### WORK INSTRUCTIONS
Note each line in the data holding the string "advance" and report it.

BEGIN ENTRIES PROVIDED

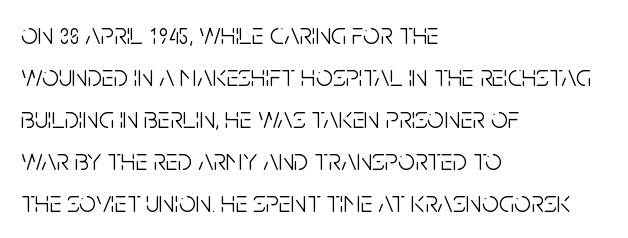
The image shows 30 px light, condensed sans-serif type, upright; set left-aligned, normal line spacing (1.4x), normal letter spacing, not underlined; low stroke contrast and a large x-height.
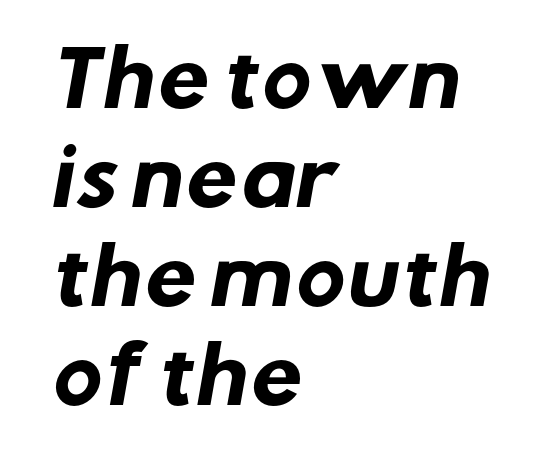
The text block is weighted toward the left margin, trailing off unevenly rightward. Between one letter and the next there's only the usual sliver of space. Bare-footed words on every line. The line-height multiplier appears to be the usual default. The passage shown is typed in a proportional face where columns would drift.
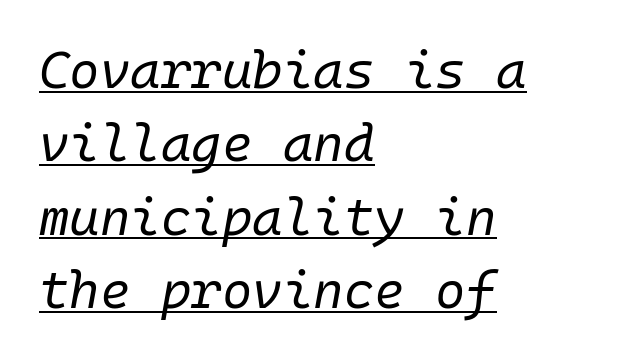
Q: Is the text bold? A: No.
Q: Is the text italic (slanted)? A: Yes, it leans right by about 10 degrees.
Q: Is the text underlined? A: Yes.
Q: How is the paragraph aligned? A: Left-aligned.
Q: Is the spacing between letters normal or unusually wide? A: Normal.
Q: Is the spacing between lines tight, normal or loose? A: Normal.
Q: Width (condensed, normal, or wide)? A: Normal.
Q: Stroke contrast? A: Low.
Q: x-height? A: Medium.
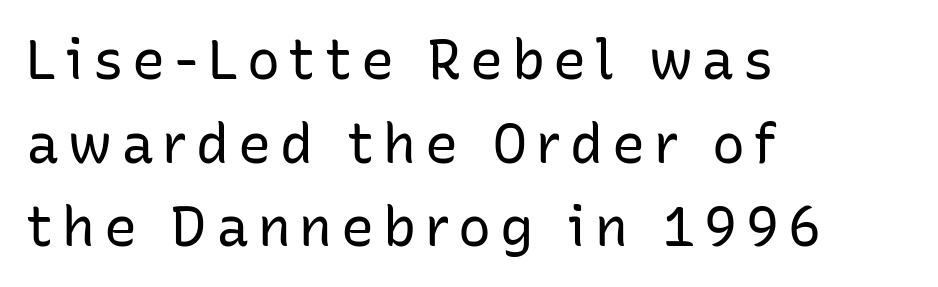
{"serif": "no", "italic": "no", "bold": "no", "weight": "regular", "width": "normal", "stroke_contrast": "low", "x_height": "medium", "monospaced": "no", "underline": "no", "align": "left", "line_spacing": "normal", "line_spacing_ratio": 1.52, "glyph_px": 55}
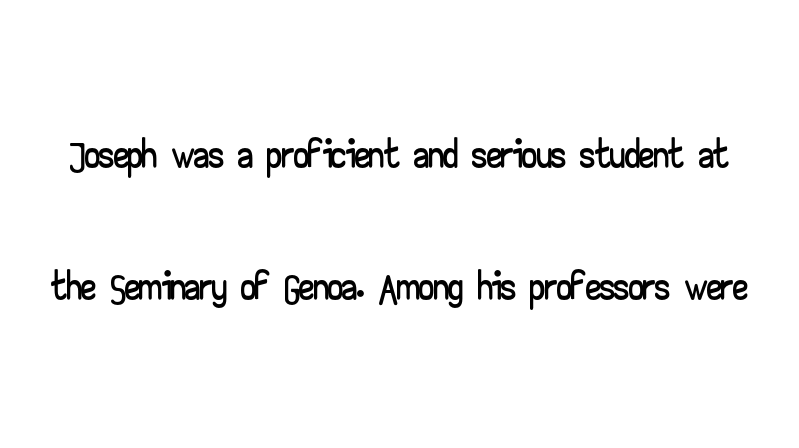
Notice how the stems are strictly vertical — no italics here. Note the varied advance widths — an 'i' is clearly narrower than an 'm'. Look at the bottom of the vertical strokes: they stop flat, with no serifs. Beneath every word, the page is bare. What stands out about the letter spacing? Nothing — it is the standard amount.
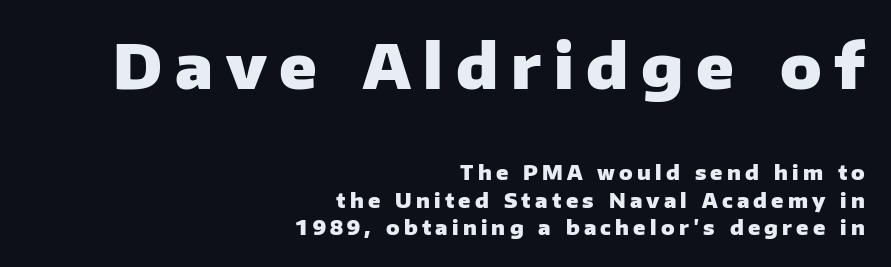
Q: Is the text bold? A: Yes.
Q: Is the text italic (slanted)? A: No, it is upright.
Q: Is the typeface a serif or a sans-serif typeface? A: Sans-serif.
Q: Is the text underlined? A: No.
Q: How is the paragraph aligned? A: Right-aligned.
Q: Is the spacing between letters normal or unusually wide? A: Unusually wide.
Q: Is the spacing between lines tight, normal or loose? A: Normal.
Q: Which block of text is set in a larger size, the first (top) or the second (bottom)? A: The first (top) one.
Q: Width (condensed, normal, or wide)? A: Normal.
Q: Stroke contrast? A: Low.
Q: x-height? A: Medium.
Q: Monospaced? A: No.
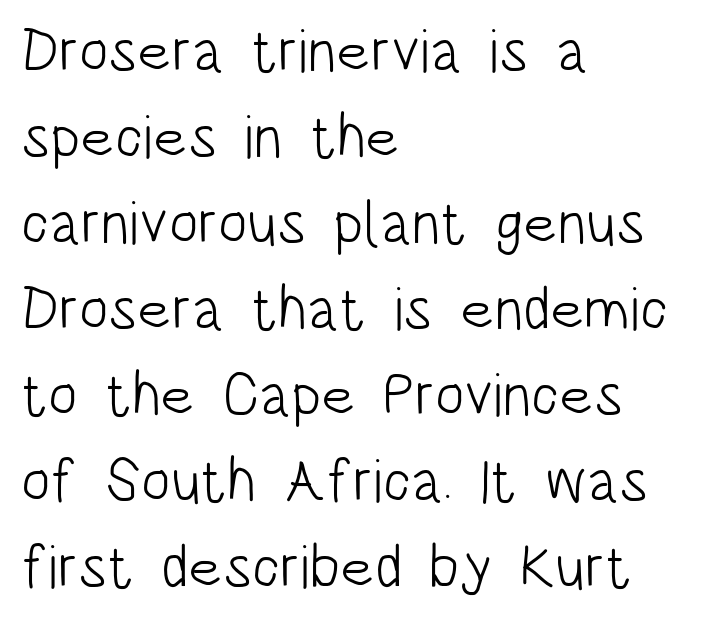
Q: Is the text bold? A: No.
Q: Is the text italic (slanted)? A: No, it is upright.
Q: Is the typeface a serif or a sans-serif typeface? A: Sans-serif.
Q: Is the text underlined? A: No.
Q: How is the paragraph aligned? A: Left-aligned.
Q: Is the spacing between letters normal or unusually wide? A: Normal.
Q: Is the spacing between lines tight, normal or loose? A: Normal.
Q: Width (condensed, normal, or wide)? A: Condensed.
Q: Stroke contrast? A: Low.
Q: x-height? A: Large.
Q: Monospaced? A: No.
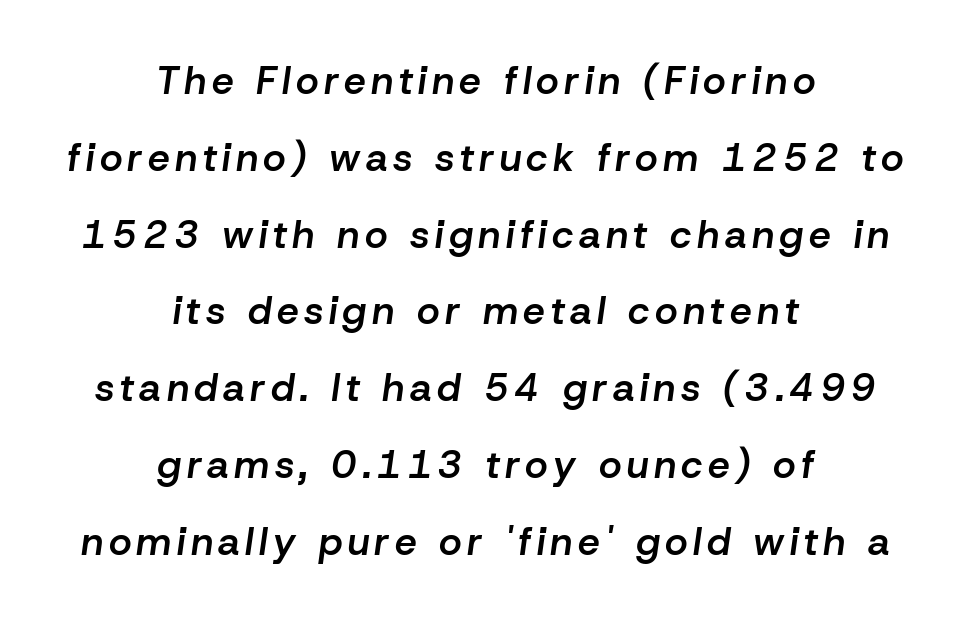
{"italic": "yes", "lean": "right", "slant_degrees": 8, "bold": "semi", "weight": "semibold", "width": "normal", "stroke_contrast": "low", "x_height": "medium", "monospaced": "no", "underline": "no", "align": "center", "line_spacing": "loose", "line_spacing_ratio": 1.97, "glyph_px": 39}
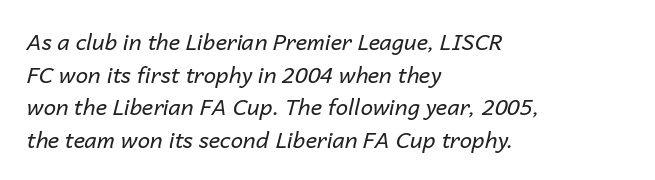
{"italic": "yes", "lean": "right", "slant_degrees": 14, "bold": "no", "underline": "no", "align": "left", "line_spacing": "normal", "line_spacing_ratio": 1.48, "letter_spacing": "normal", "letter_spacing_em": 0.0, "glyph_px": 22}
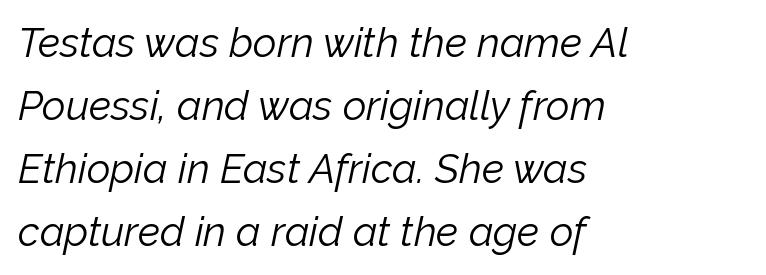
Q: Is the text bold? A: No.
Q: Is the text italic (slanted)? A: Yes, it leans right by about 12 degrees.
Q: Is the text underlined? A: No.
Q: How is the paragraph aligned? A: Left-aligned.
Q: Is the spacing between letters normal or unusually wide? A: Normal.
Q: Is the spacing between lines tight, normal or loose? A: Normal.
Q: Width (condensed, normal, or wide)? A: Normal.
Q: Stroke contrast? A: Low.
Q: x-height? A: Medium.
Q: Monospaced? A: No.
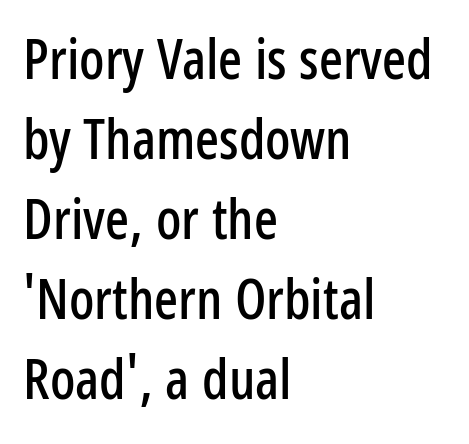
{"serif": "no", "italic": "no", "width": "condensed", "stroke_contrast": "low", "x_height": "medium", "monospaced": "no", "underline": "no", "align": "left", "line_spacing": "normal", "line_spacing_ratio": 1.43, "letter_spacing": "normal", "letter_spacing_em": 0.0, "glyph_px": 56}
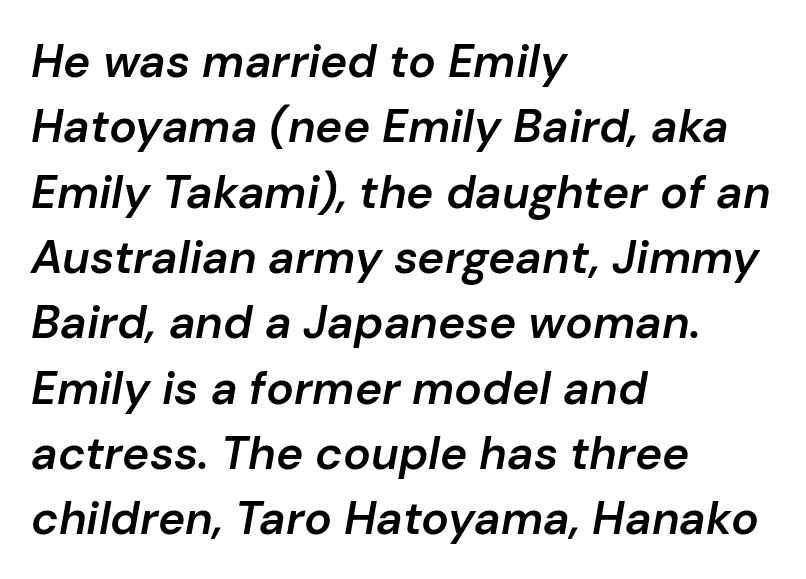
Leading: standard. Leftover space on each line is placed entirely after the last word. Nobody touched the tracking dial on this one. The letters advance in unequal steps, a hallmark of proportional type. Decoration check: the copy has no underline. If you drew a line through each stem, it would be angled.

END ENTRIES PROVIDED

### WRITTEN ANSWER
Notice how the stems are strictly vertical — no italics here. Note the varied advance widths — an 'i' is clearly narrower than an 'm'. Look at the bottom of the vertical strokes: they stop flat, with no serifs. Beneath every word, the page is bare. What stands out about the letter spacing? Nothing — it is the standard amount.
Leading: standard. Leftover space on each line is placed entirely after the last word. Nobody touched the tracking dial on this one. The letters advance in unequal steps, a hallmark of proportional type. Decoration check: the copy has no underline. If you drew a line through each stem, it would be angled.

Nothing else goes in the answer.